Prospective Evaluation of Syndesmotic Ankle Sprains Without Diastasis

Eric D. Nussbaum, MEd, ATC{dagger}, Timothy M. Hosea, MD{ddagger},§, Shawn D. Sieler, MD{ddagger}, Brian R. Incremona, MD{dagger} and Donald E. Kessler, MEd, ATC{dagger}

{dagger} Division of Athletics, Rutgers University, Piscataway, New Jersey
{ddagger} Division of Orthopaedic Surgery, University of Medicine and Dentistry of New Jersey–Robert Wood Johnson Medical School, New Brunswick, New Jersey

Presented at the 22nd annual meeting of the AOSSM, Lake Buena Vista, Florida, June 1996.

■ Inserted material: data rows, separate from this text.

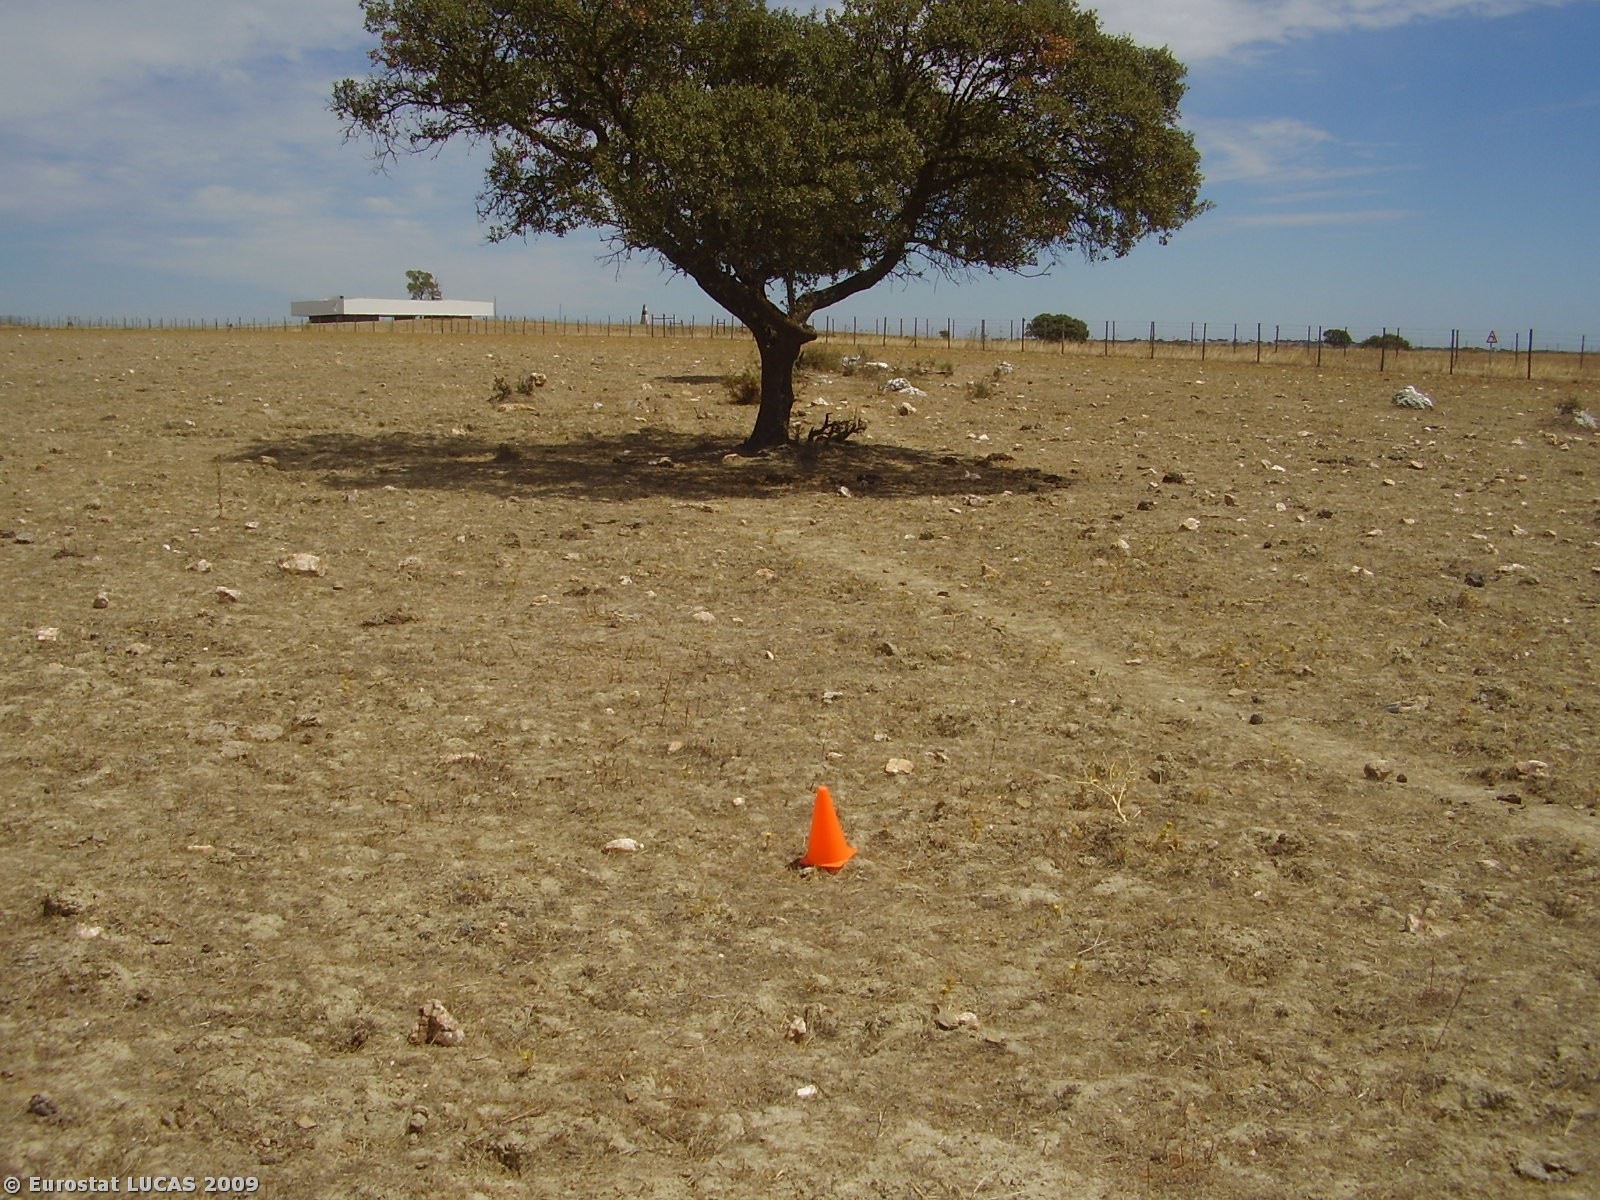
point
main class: Grassland
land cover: Grassland with sparse tree/shrub cover
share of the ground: > 75 %
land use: Fallow land
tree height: > 5 m
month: August
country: PT
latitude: 38.2255
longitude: -7.1621

§ Address correspondence and reprint requests to Timothy M. Hosea, MD, 215 Easton Avenue, New Brunswick, NJ 08901

Sixty consecutive collegiate athletes with "high" ankle symptoms were prospectively evaluated over a 3-year period in an effort to better define this debilitating ankle injury. All athletes included in this study had tenderness over the distal anterior tibiofibular ligament, tenderness proximally along the interosseous membrane, and functional disability. No study subject had a fracture or frank tibia-fibula diastasis. The severity of the sprain was quantified using the interosseous "tenderness length." A standard rehabilitation protocol was followed by all patients. Athletes returned to competition when they could perform all functional testing without difficulty. Time to return to full competitive activity averaged 13.4 days. The number of days missed from competition was statistically related to the interosseous tenderness length (P = 0.0001) and to positive results on the squeeze test (P = 0.03). Fifty-three of the 60 injured athletes were evaluated at least 6 months after injury. Patients rated their outcomes as good or excellent. Six of the patients experienced occasional ankle pain and stiffness, four patients reported recurrent ankle sprains, and one patient had heterotopic ossification formation.